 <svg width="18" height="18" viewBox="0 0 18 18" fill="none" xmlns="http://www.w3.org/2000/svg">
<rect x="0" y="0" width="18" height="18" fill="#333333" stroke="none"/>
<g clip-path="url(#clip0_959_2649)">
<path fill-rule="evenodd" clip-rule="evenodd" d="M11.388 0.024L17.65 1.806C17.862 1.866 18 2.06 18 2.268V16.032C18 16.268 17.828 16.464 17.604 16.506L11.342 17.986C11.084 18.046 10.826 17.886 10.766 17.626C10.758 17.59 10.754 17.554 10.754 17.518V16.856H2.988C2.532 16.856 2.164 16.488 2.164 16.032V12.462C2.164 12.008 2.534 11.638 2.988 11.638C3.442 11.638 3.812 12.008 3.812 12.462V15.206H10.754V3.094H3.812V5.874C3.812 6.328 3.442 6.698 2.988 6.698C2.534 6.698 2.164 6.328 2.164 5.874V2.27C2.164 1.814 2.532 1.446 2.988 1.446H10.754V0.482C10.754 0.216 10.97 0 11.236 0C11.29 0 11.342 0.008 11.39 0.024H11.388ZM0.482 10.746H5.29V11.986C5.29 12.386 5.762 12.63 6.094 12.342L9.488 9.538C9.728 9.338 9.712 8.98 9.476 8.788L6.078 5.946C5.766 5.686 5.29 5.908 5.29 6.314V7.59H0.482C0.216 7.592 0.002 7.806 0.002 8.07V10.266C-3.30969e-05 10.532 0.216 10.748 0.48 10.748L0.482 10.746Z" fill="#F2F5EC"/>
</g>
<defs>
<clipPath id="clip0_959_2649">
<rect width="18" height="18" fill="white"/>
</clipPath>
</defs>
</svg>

※ ※ ※

PROBLEM TO WORK ON: Search the listing above for "none" and copy every line that has it.

YOUR RESPONSE:
 <svg width="18" height="18" viewBox="0 0 18 18" fill="none" xmlns="http://www.w3.org/2000/svg">
<rect x="0" y="0" width="18" height="18" fill="#333333" stroke="none"/>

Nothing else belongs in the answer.